Modelling of a submarine landslide in the Svalbard Islands indicates that tsunami waves could be more than 4 meters high and reach the coast in 50 minutes.
A new study with the participation of the Institut de Ciències del Mar (ICM-CSIC) has concluded that submarine landslides triggered by global warming in the area of the Svalbard Islands (Norway) could generate tsunamis. The formation of tsunami waves would be controlled by the development of the submarine landslide and its impact by the topography of the seabed and the coast. The results of this work show the need to continue investigating glacial margin instability in future climate scenarios due to the important impact on coastal infrastructure and populations.
Global warming impacts the Arctic with an increase in ocean water temperature and a decrease in glacier thickness. Both processes give rise to an ideal scenario for the formation of submarine landslides with tsunamigenic potential.
To study this scenario, scientists from the the University of Granada, the Andalusian Institute of Earth Sciences, the Institut de Ciències del Mar of Barcelona (ICM-CSIC) and the University of Malaga analyzed the rupture and displacement dynamics of the ancient Storfjorden LS-1 landslide, located southwest of the Svalbard Islands, between 420 meters and 1900 meters deep, with a length of 60 kilometers, a volume of 40 cubic kilometers hosted in an area of 1300 square kilometers. The landslide has been determined to be tsunamigenic and its modeling demonstrates the formation of tsunami waves of up to 4.3 meters.
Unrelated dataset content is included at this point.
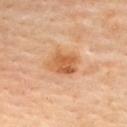Impression:
No biopsy was performed on this lesion — it was imaged during a full skin examination and was not determined to be concerning.
Image and clinical context:
Automated tile analysis of the lesion measured an automated nevus-likeness rating near 55 out of 100 and lesion-presence confidence of about 100/100. The lesion is located on the upper back. A female subject aged approximately 60. A 15 mm close-up tile from a total-body photography series done for melanoma screening. Imaged with cross-polarized lighting. The recorded lesion diameter is about 4 mm.

"In order to understand the impact of global warming on our planet, it is essential to know the geological processes of the past. Modeling of ancient submarine landslides is relevant as it provides us with information about geological hazards in Arctic coastal areas. This study recreates scenarios of tsunami formation due to landslides resulting from global warming that we may face in the future," says researcher Mayte Pedrosa, a researcher at the University of Granada.
The propagation of these waves is determined by the presence of glacial grooves of hundreds of kilometers that were excavated by Quaternary glaciers on the seafloor. Their morphologies condition the amplitude, amplification and diffraction of the tsunami waves, as well as the time of impact on the coasts of the Svalbard Islands.
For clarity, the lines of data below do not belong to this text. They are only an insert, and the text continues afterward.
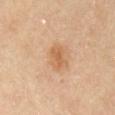biopsy status = no biopsy performed (imaged during a skin exam)
acquisition = ~15 mm crop, total-body skin-cancer survey
site = the chest
lighting = cross-polarized illumination
image-analysis metrics = roughly 8 lightness units darker than nearby skin and a normalized lesion–skin contrast near 6.5; a classifier nevus-likeness of about 60/100 and lesion-presence confidence of about 100/100
subject = male, in their mid- to late 80s or older
lesion diameter = about 3 mm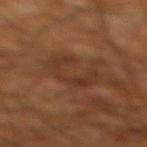Findings:
• location: the right lower leg
• imaging modality: 15 mm crop, total-body photography
• subject: male, aged 58–62

"This research is important because the results have social and economic impact. Geological hazards such as submarine landslides and tsunamis affect coastal communities and the activity of different marine and coastal economic sectors," confirms Gemma Ercilla, from the ICM-CSIC.
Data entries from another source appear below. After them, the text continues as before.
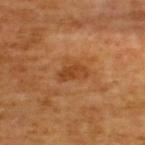A male patient in their mid- to late 60s. On the back. The recorded lesion diameter is about 3.5 mm. This is a cross-polarized tile. A region of skin cropped from a whole-body photographic capture, roughly 15 mm wide. The total-body-photography lesion software estimated an eccentricity of roughly 0.8 and a shape-asymmetry score of about 0.35 (0 = symmetric). It also reported an average lesion color of about L≈43 a*≈25 b*≈39 (CIELAB), a lesion–skin lightness drop of about 8, and a lesion-to-skin contrast of about 7 (normalized; higher = more distinct). And it measured a nevus-likeness score of about 15/100.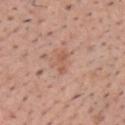| feature | finding |
|---|---|
| follow-up | imaged on a skin check; not biopsied |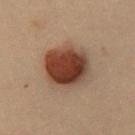imaging modality = 15 mm crop, total-body photography; patient = female, approximately 30 years of age; site = the chest; illumination = cross-polarized; diameter = ~5.5 mm (longest diameter).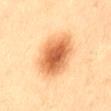follow-up — total-body-photography surveillance lesion; no biopsy
lighting — cross-polarized
site — the lower back
patient — male, in their mid-50s
image — ~15 mm tile from a whole-body skin photo

"The results of this study will help the competent authorities and agencies to develop appropriate mitigation plans to manage the impact of tsunamis. The next steps of the research involve studies focused on the relationship between different geological risk processes governed by global warming, such as the generation of earthquakes by isostatic readjustment due to ice loss, landslides and the impact of both on the combined generation of tsunamis," concludes Ercilla.